Whilst the eyes of many are currently on the Euro football tournament, behind the scenes the usual merry-go-round of transfers of league players and managers continues, accompanied by the occasional piece of drama when something goes wrong.
The latest commotion has been caused by Tottenham Hotspur’s attempts to secure a new manager. This vacancy appeared to have been filled by former Roma manager Paulo Fonseca, before news broke that the deal had fallen through, possibly, some sources have suggested, because of a tax issue that meant that the tax breaks that were available to Fonseca in Italy would not have been applicable in the UK.
Whether or not the Spurs tax story is accurate, it is an interesting example of Tax Residency and Domicile work, and the need to take professional advice before taking on work in another country. The past eighteen months have seen many people re-evaluate their life plans in all sorts of ways, including moving or working abroad. But while it may be tempting to dream of doing your office job whilst reclining by the beach in the Caribbean, the reality is incredibly complex, and will need careful consideration. Two of the main considerations are, firstly, whether you are Non-UK Domiciled (Non-Dom) and, secondly, whether you are considered UK-resident for tax purposes.
Non-Doms (very broadly, an individual whose father is not UK domiciled) who have lived in the UK for fewer than 15 consecutive tax years, have the ability to choose how their overseas income is taxed in the UK. They can choose between the “Arising Basis” or the “Remittance Basis”. Put simply, this is the choice between taxing worldwide income and gains in the UK as an when it arises, compared to taxing worldwide income only when, and if, it is remitted into the UK. This choice is unavailable to UK domiciles and Non-Doms choosing the Remittance Basis may have to pay an expensive charge for the privilege of doing so.
Following the domicile rules, the next step is to establish if an individual is UK resident for tax purposes. HMRC introduced the Statutory Residence Test (SRT) which aims to provide individuals with certainty about their residence status and this is important because individuals who are UK resident for tax purposes and UK domiciled are taxable in the UK on their worldwide income and gains, whereas Non-UK residents, irrespective of domicile, are only taxed in the UK on their UK arising income, and certain gains.
Those wishing to be Non-UK resident for tax purposes need to meet certain conditions if they want to be automatically exempt from paying UK taxes on their overseas income.

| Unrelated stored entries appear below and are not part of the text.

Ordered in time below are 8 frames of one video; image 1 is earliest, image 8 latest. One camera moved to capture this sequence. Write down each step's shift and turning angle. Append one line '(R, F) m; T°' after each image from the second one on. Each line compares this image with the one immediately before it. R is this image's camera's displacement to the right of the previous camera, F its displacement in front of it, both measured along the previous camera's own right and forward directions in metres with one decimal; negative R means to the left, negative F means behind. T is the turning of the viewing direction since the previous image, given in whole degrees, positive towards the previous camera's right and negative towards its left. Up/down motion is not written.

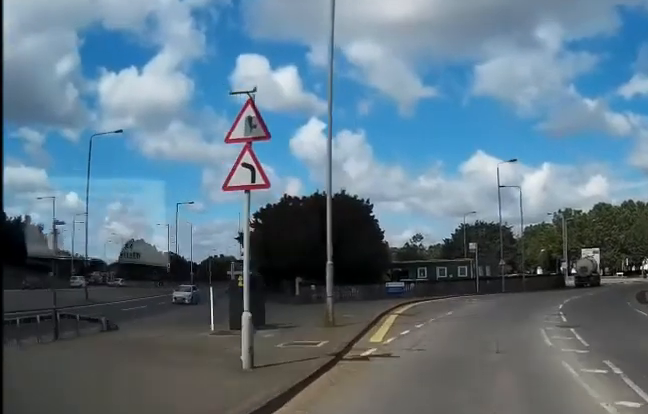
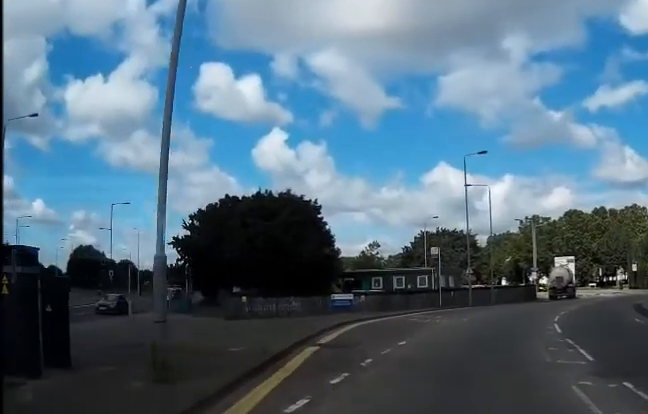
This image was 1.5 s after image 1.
(+0.1, +8.9) m; +3°
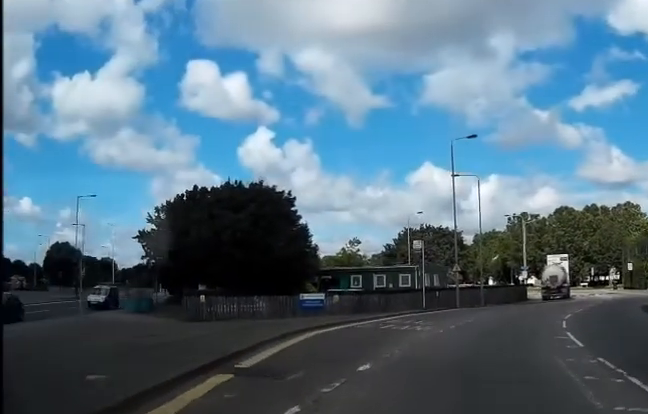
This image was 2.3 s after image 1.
(+0.1, +4.5) m; +4°
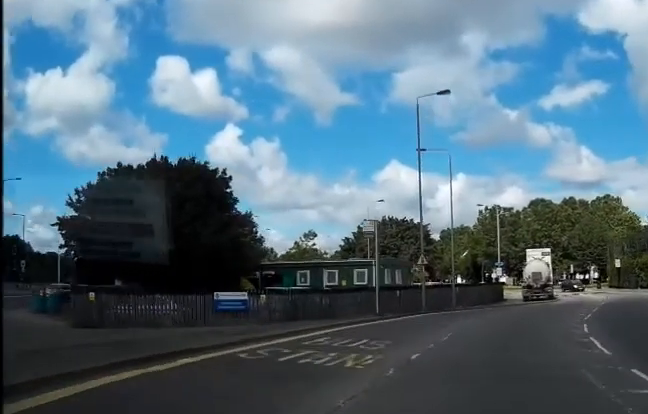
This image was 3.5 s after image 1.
(+0.5, +7.5) m; +7°
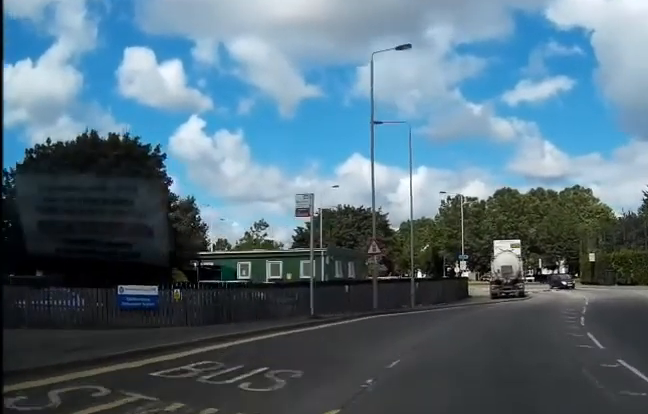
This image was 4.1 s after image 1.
(+0.2, +4.5) m; +3°
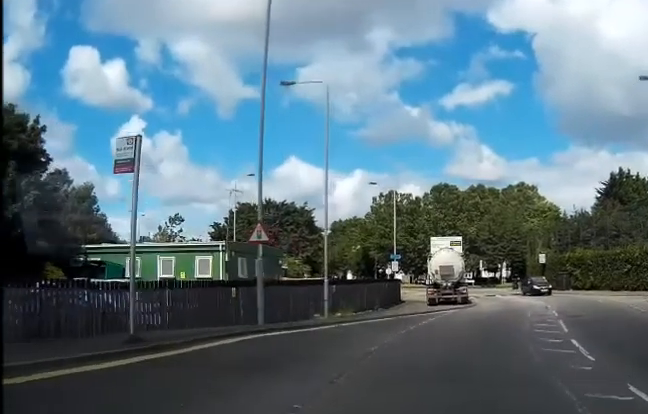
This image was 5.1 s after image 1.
(0.0, +6.9) m; 0°
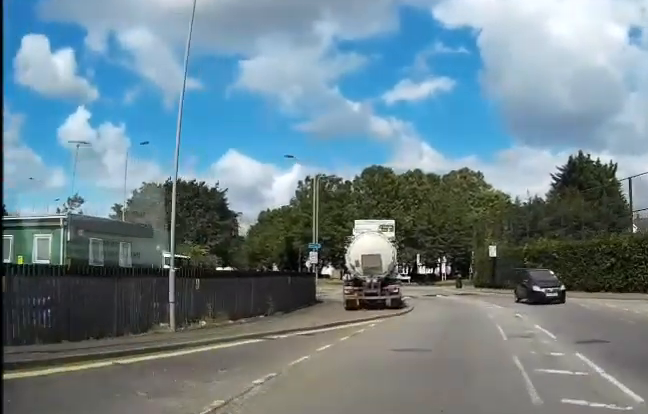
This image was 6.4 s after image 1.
(0.0, +9.6) m; 0°
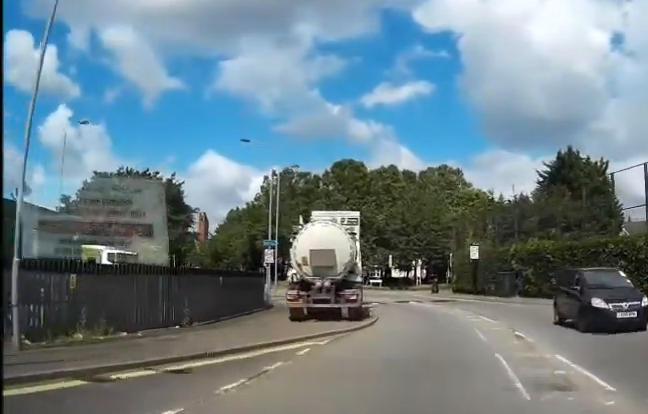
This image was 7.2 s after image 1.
(0.0, +5.7) m; 0°

Broadly, this will require they either:
- Work full-time abroad, and spend fewer than 91 days in the UK during the tax year; or
- Spend fewer than 16 days in the UK during the tax year; or
- Spend fewer than 46 days in the UK during the tax year, so long as they were Non-UK resident in the three tax years prior.

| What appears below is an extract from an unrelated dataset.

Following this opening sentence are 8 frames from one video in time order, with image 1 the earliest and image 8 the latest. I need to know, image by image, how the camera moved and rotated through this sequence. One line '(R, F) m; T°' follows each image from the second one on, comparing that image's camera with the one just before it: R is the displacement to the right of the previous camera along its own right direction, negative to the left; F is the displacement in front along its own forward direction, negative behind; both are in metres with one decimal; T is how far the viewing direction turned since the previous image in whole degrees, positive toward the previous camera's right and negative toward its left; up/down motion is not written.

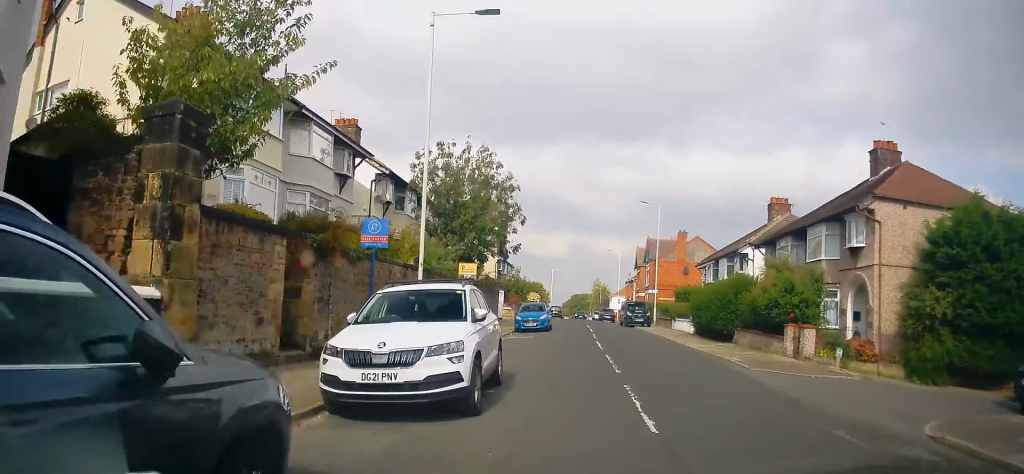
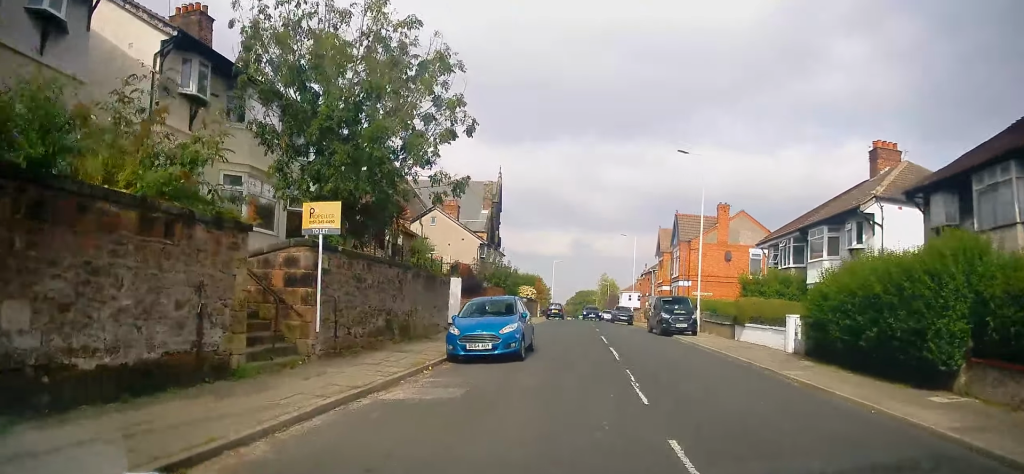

Being present in the UK for 183 days or more makes you automatically UK resident for tax purposes, and if you are not automatically overseas resident for tax purposes (as described above), you would need to refer to the Sufficient Ties Test and possibly a tie-breaker clause in the Double Taxation Agreement. Even if foreign income and gains have already been taxed in another country, they can still be taxable in the UK for those that are UK Resident and/or Non-UK Domiciled and claiming the arising basis. You must therefore declare all of your foreign income and gains on your Tax Return. In many cases, some relief can be given in the UK for foreign tax paid on foreign income and gains (under the provisions of Double Taxation Agreements with many other countries or via unilateral relief). There are also special rules for income from pensions, rent from property and certain types of employment income.

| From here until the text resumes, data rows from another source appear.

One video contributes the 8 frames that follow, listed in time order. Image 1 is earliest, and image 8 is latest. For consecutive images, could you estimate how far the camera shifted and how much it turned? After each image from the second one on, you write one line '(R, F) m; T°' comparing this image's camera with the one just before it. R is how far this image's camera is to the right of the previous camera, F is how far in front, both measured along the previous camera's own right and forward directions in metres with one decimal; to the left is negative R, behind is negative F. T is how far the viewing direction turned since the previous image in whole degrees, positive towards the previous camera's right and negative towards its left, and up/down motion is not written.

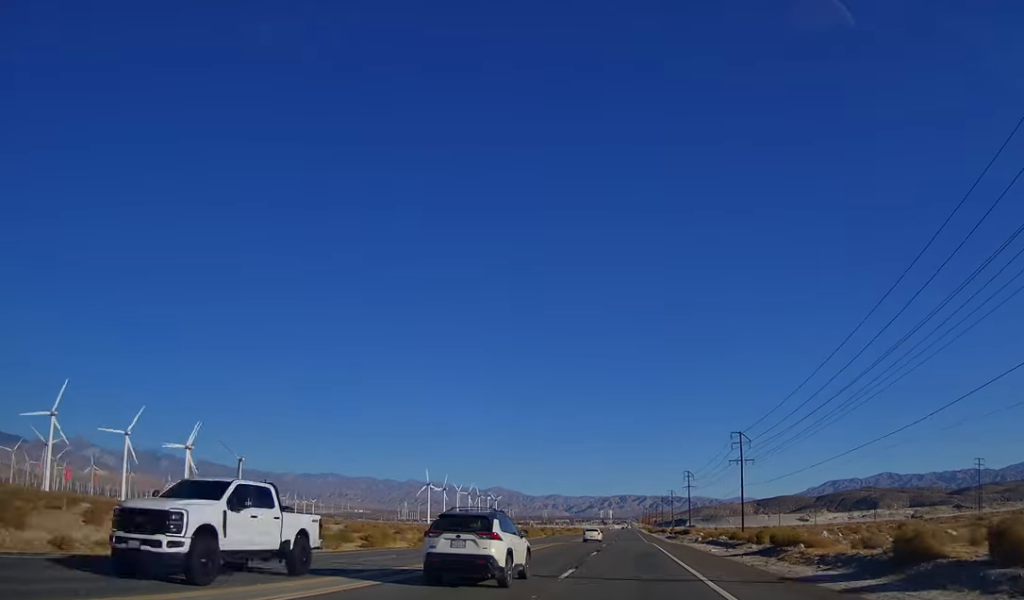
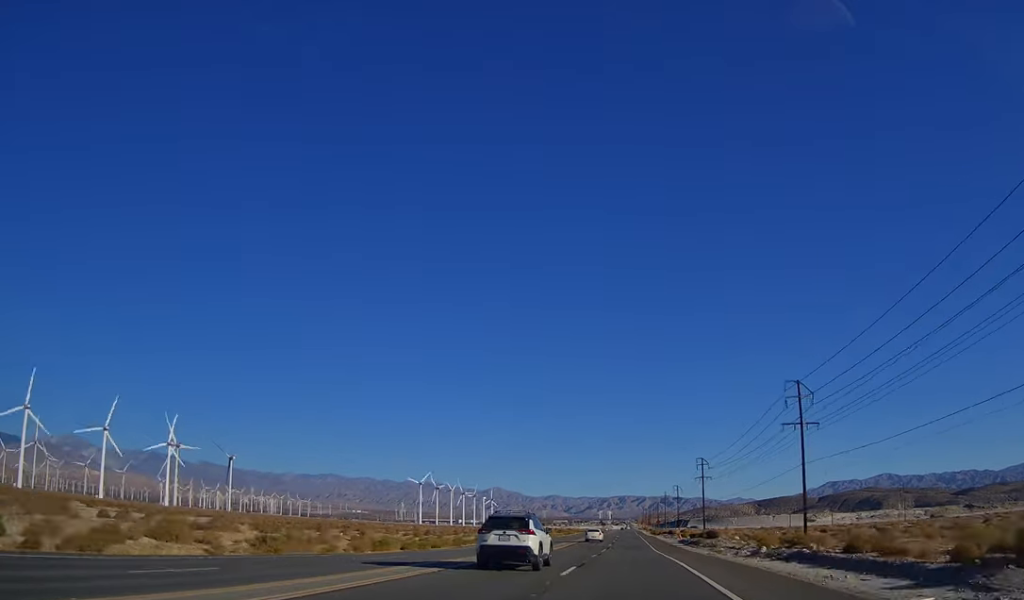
(0.0, +29.0) m; 0°
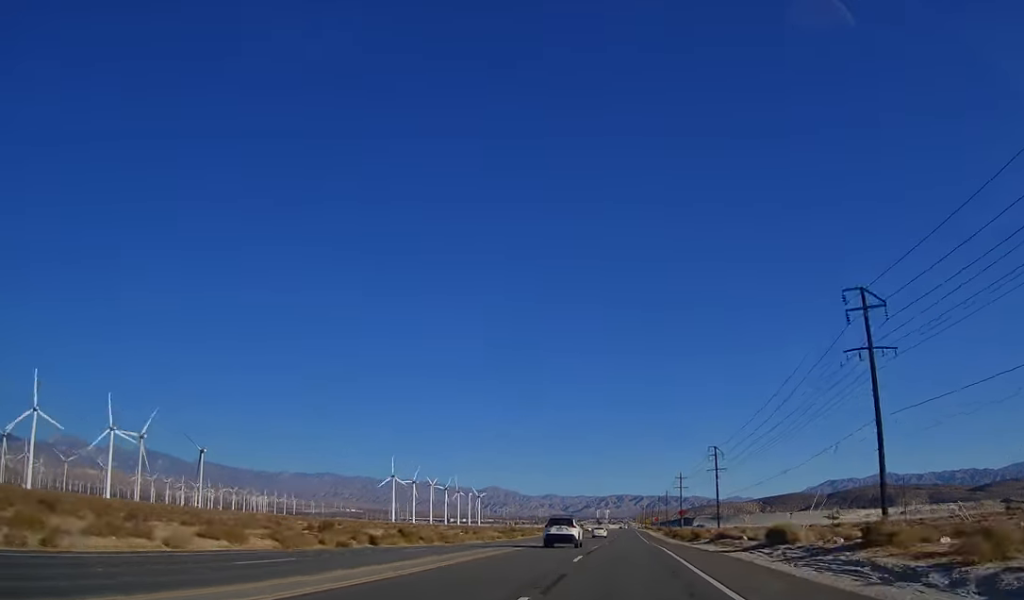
(0.0, +83.5) m; 0°
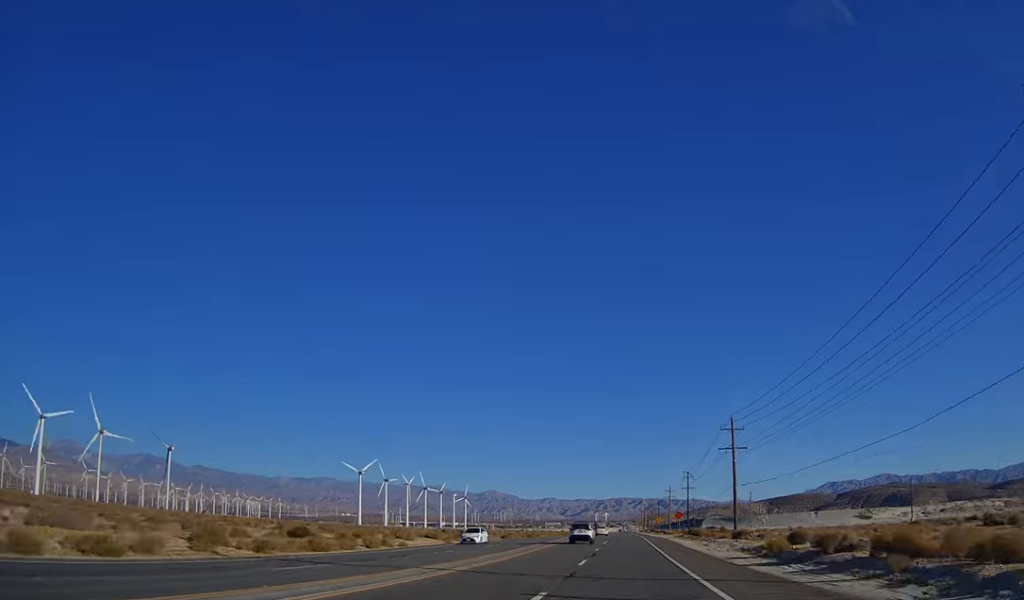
(0.0, +85.6) m; 0°
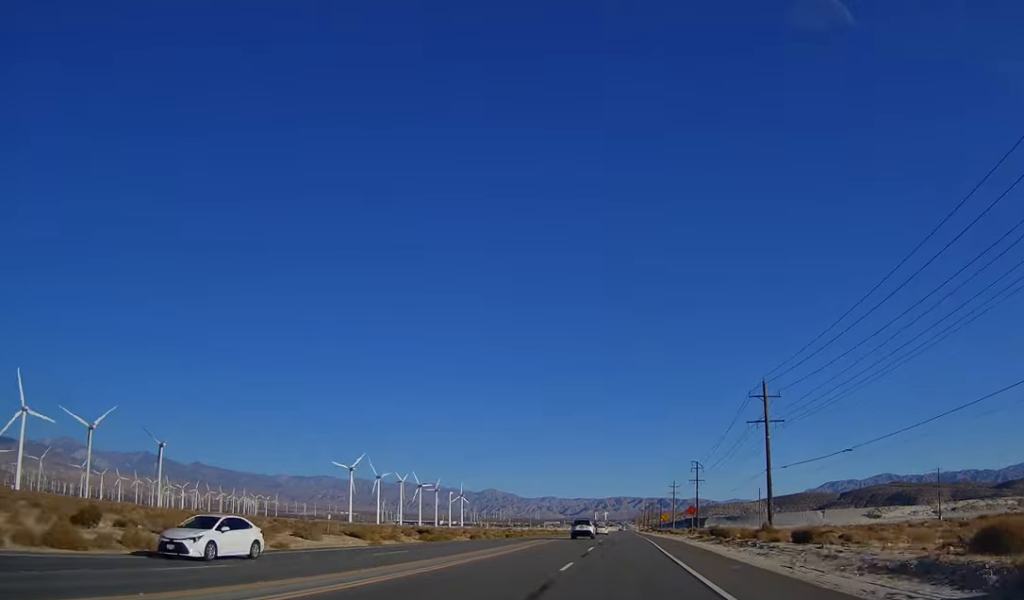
(0.0, +20.5) m; 0°
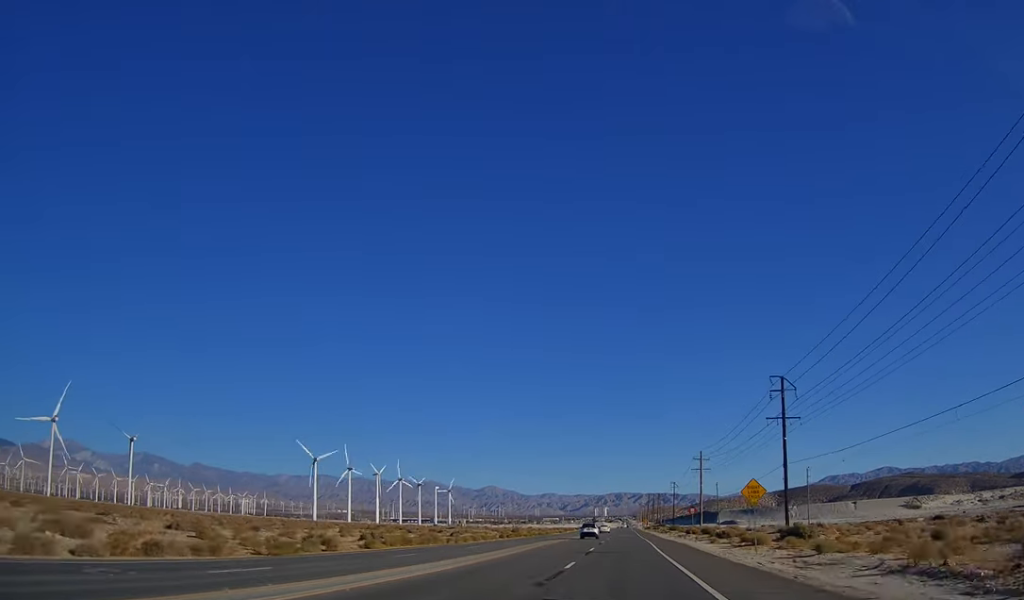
(+0.4, +71.5) m; +1°
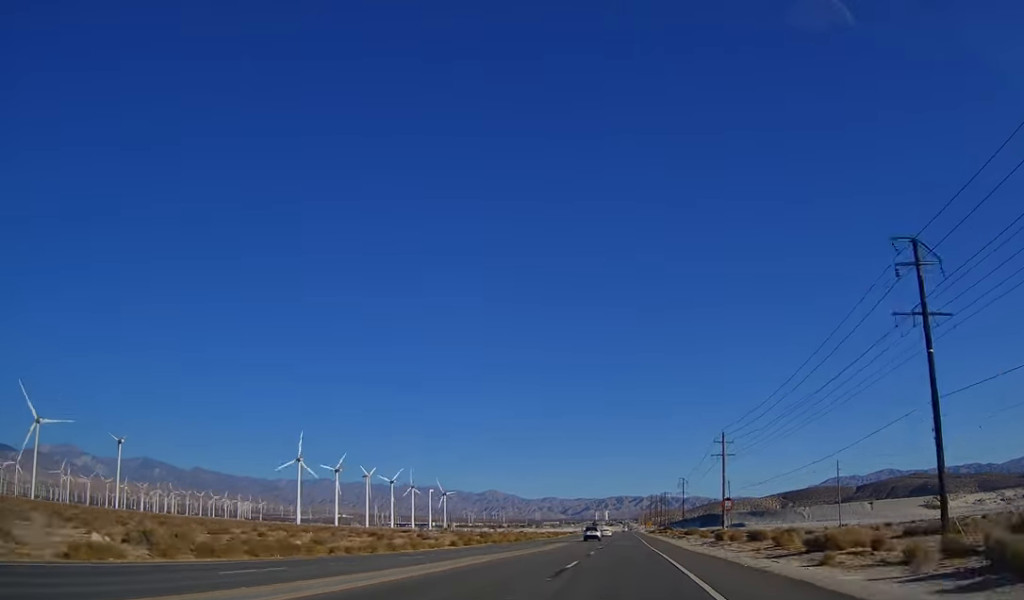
(+0.5, +28.8) m; 0°
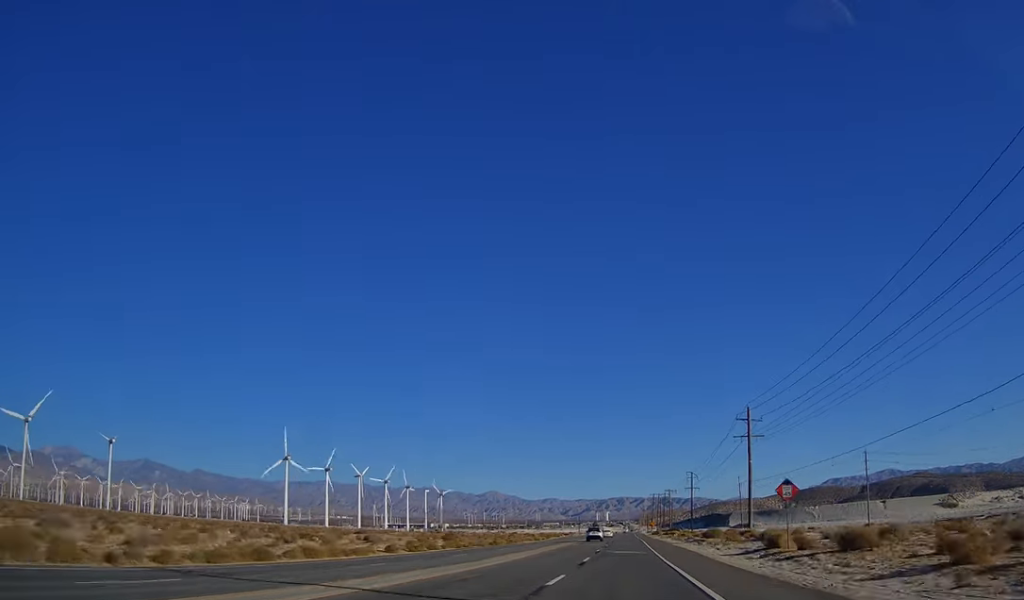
(+0.1, +20.2) m; 0°

The information above is explained in greater detail in the guidance here
If you are an individual with high earnings and considering where to live, work or invest it may of interest to compare some of the current hot-spots for the highest rates of income tax. Based on 2021 data from the OECD these are
- Portugal 61.3%
- Slovenia 61.1%
- Belgium 58.4%
- Finland 57.5%
- Sweden 57%
- Japan 55.9%
- Denmark 55.9%
- France 55.4%
- Netherlands 52%
- Ireland 48%
As mentioned, Tax Residency issues for both UK and Non-UK -Domiciles are one of the most complex and difficult areas of tax legislation. If you are thinking of working, investing, studying or retiring abroad it is vital to ensure that you are properly aware of the financial implications of your decision. Even highly paid football managers can get it wrong, so it’s very much in your best interests to talk to an independent tax professional.